Pas de bureau politique, aucune structure, jamais de votes internes et pas de membres, sauf un, Geert Wilders. Celui qui, depuis 2006, a octroyé les postes, décidé des orientations, et parlé, toujours seul, au nom de son Parti pour la liberté (PVV). Au fil des années, il a asséné des formules brutales qui ont assuré le succès de sa formation d’extrême droite, jusqu’à en faire, en 2023, la plus populaire des Pays-Bas. Il a prononcé des diatribes contre le Coran, qu’il assimile à Mein Kampf ; dénoncé la « racaille » ; promis de « s’occuper » des Marocains ; brandi la peur du « tsunami » d’immigrés pour un pays risquant de devenir « une province du Super Etat islamique Eurabia », etc.

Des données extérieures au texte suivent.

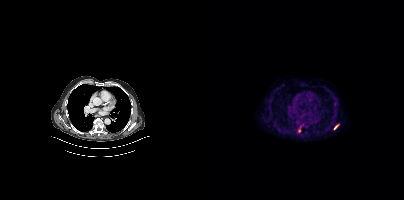
{"modality":"PSMA PET/CT","view":"axial","tracer":"18F-PSMA","pet_grid":[200,200],"coord_frame":"pet_panel","coord_format":"x0,y0,x1,y1","lesion_bboxes":[[130,124,134,129]],"small_foci_centers":[[95,130]]}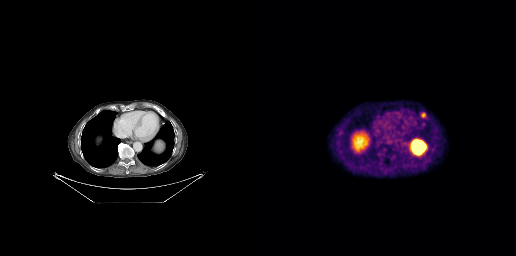
Findings: Coordinates are on the 256×256 PET (right) panel. PSMA-avid tumor lesion bounding box (x0,y0,x1,y1): [161,112,166,117].
Technique: Paired axial CT (left) and PSMA PET (right), [18F]PSMA-1007 tracer. slice 170 of 263. PET panel 256×256 px (2.7 mm/px).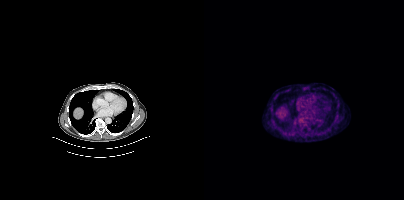
Coordinates are on the 200×200 PET (right) panel. PSMA-avid tumor lesion bounding box (x, y, width, height): x=95 y=117 w=7 h=8.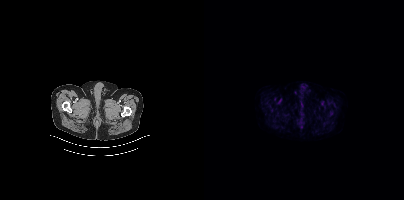
modality: PSMA PET/CT | tracer: 18F-PSMA | view: axial
No tumor lesions annotated on this slice.

La formation du député néerlandais est et restera un objet politique non identifié, dont le fonctionnement autocratique aura évité pendant deux décennies ce qui guette, et parfois détruit, les formations extrémistes : les rivalités internes et les querelles d’ego. Le 20 janvier, à la surprise générale et à celle d’un Geert Wilders évoquant « un jour noir », sept des 26 membres de son groupe parlementaire ont haussé le ton, avant de faire sécession. Emmenés par Gidi Markuszower, un ancien et fidèle compagnon du dirigeant populiste, ces élus ont invoqué, pour justifier leur départ, le manque de démocratie interne et la présence trop rare de M. Wilders lors de la campagne des législatives d’octobre 2025.
L’événement renvoie le PVV au quatrième rang de formations représentées à la Chambre des députés. Les séditieux ajoutaient que la participation du PVV au pouvoir, au sein de la coalition sortante, ne lui avait pas permis d’atteindre ses objectifs. Ce gouvernement, une alliance de centristes, de libéraux et d’un parti paysan avec l’extrême droite, n’aura tenu que de juillet 2024 à juin 2025.
Les promesses sociales, non tenues, de M. Wilders visaient notamment à augmenter le pouvoir d’achat et à réduire le coût des soins de santé. Il a aussi partiellement échoué à faire appliquer « la politique le plus stricte » en matière d’immigration pourtant gérée par une de ses fidèles, Marjolein Faber. Cette adepte des lois d’urgence, des contrôles aux frontières et de la fermeture des mosquées et des centres pour demandeurs d’asile, ne sera parvenue qu’à polariser un peu plus une société agitée depuis un quart de siècle par des débats sur la politique de l’asile et l’identité du pays.